Wie lange sollen Unternehmen noch kostenlose Tests anbieten?

Grundsätzlich sehe ich eine ungebrochen große Bereitschaft, Testmöglichkeiten zur Verfügung zu stellen, weil sie Sicherheit ins Unternehmen bringen. Es gibt aber je nach Betriebsgröße unterschiedliche Probleme. Für kleinere Unternehmen ist die Bereitstellung von Test-Kits eine finanzielle und logistische Herausforderung. Die vielen größeren Mittelständler in Nordrhein-Westfalen stehen dagegen eher vor der Aufgabe, dass freiwillige Testangebote von einer größtenteils geimpften Belegschaft auch weiterhin genutzt werden.

Hat Corona das Homeoffice für immer etabliert?

Ich finde, man sollte den Trend zur Heimarbeit weder idealisieren noch verteufeln. Statt einer neuen Verpflichtung sollten wir uns am Alltag in den Unternehmen orientieren. Neue Mitarbeiter müssen sich erst mit der Betriebskultur vertraut machen, und das geht am besten immer noch in Präsenz. Die Kreativität und Effektivität von Videokonferenzen haben mich auch noch nicht restlos überzeugt. Im Produktionsbereich ist Heimarbeit ohnehin kaum umsetzbar, weil ich die Maschinen schlecht nach Hause verlagern kann. Aber ich erlebe in vielen Unternehmen kluge Kompromisse und mehr Flexibilität zur sinnvollen Arbeitsorganisation.

Welche Spuren hinterlässt Corona auf dem NRW-Ausbildungsmarkt?
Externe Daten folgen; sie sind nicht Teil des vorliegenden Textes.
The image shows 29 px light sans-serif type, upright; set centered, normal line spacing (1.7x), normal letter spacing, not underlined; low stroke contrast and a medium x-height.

Der Kampf um Auszubildende ist eine gesamtgesellschaftliche Aufgabe, die durch Corona noch einmal erschwert wurde. Ohne Ausbildungsmessen und Praktika war es noch schwieriger, junge Leute von den tollen Perspektiven der dualen Ausbildung zu überzeugen. Das müssen wir aber, denn es sind vor allem Fachkräfte mit Berufsabschluss, die der Wirtschaft in Zukunft fehlen werden. Doppelt schwierig ist die Lage für Branchen, die besonders unter der Pandemie gelitten haben und neben zwei dezimierten Ausbildungsjahrgängen auch noch Belegschaft an andere Branchen verloren haben.